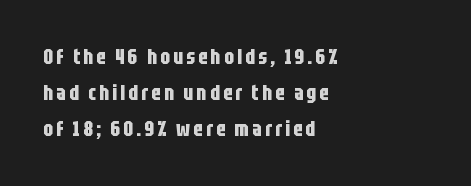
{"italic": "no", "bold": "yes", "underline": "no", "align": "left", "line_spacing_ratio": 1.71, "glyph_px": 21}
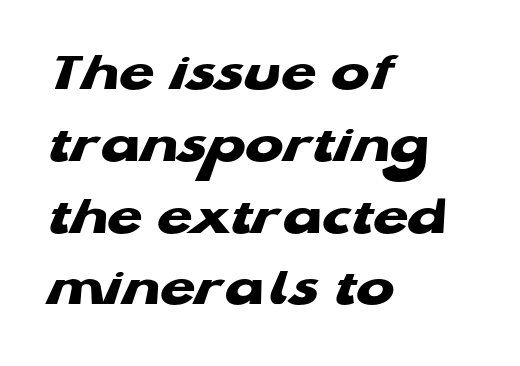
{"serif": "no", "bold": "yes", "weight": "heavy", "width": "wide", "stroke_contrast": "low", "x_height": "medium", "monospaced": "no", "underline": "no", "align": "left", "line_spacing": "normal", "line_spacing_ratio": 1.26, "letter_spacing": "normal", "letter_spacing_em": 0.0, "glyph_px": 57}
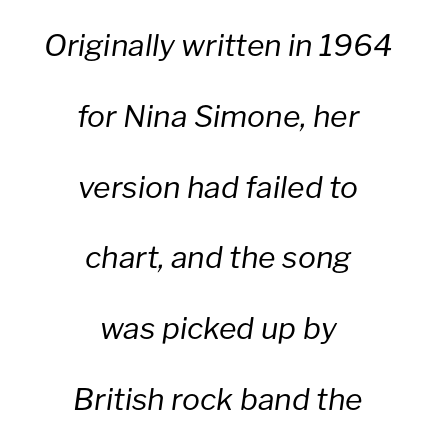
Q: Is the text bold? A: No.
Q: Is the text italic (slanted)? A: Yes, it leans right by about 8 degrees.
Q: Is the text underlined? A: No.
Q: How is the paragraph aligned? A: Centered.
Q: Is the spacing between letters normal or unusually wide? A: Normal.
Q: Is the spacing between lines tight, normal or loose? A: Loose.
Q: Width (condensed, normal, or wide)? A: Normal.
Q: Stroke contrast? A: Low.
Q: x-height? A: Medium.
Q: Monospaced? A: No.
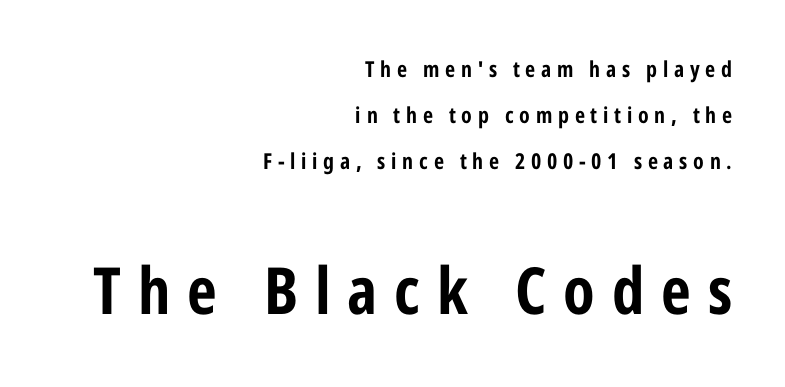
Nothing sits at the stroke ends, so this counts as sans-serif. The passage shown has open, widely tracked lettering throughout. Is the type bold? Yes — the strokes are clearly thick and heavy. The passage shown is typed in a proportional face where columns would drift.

--

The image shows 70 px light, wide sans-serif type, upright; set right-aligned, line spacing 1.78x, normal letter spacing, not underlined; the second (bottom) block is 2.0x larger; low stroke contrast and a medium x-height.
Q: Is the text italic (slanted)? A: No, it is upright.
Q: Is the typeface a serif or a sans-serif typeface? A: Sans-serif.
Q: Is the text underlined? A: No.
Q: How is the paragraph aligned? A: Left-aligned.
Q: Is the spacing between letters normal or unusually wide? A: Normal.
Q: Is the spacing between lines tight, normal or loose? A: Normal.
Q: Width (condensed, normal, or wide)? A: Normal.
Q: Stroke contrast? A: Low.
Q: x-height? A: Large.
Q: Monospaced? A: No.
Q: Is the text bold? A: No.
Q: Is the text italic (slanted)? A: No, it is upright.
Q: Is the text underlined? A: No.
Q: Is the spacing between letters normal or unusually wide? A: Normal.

==

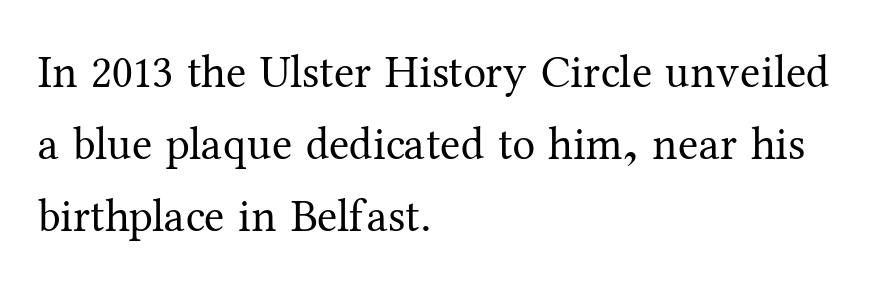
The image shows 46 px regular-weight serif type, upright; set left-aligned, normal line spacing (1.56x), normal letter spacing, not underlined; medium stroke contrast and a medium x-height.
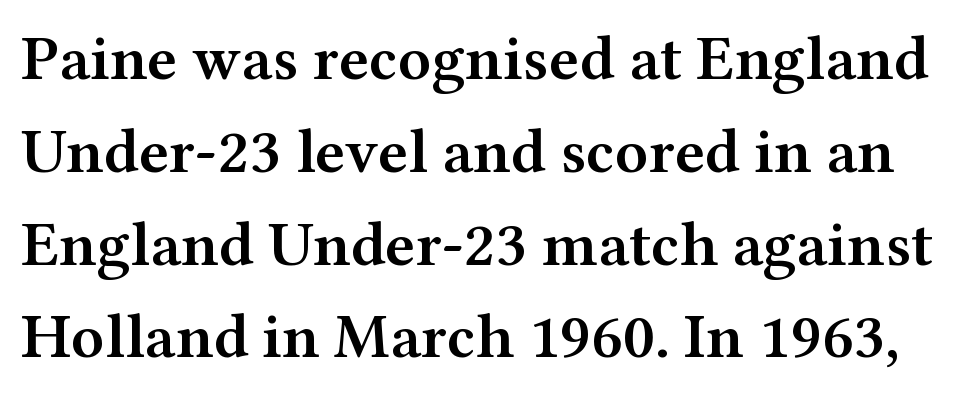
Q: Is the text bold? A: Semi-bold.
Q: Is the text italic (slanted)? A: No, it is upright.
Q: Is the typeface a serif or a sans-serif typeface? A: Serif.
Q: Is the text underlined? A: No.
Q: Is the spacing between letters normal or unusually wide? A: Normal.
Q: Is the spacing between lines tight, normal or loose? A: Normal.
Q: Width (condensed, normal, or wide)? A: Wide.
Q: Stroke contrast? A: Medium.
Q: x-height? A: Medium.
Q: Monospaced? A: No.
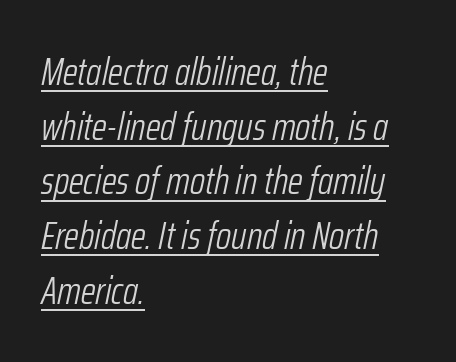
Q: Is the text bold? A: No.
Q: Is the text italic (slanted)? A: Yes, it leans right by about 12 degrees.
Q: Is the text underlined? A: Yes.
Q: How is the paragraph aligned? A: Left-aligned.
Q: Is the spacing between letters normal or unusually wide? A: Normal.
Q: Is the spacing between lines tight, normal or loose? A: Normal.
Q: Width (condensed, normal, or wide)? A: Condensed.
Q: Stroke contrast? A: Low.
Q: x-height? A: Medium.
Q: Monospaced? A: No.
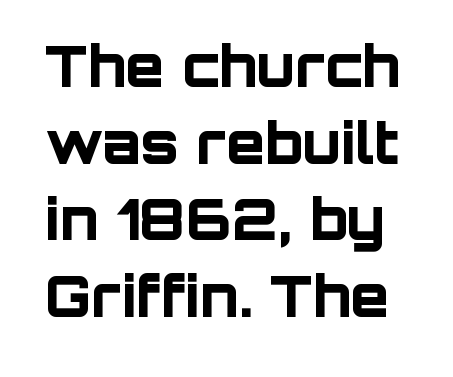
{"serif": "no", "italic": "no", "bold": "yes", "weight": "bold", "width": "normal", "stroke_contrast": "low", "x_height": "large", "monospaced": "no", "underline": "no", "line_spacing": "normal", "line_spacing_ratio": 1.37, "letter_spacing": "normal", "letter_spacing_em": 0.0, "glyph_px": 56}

> _Problem description_: Using the material above, gather every line that includes "italic".

> _Answer to the problem_:
{"italic": "no", "bold": "yes", "underline": "no", "align": "left", "line_spacing_ratio": 1.71, "glyph_px": 21}
Q: Is the text italic (slanted)? A: Yes, it leans right by about 8 degrees.
Q: Is the text italic (slanted)? A: No, it is upright.
Q: Is the text italic (slanted)? A: No, it is upright.
Q: Is the text italic (slanted)? A: No, it is upright.
Q: Is the text italic (slanted)? A: Yes, it leans right by about 12 degrees.
{"serif": "no", "italic": "no", "bold": "yes", "weight": "bold", "width": "normal", "stroke_contrast": "low", "x_height": "large", "monospaced": "no", "underline": "no", "line_spacing": "normal", "line_spacing_ratio": 1.37, "letter_spacing": "normal", "letter_spacing_em": 0.0, "glyph_px": 56}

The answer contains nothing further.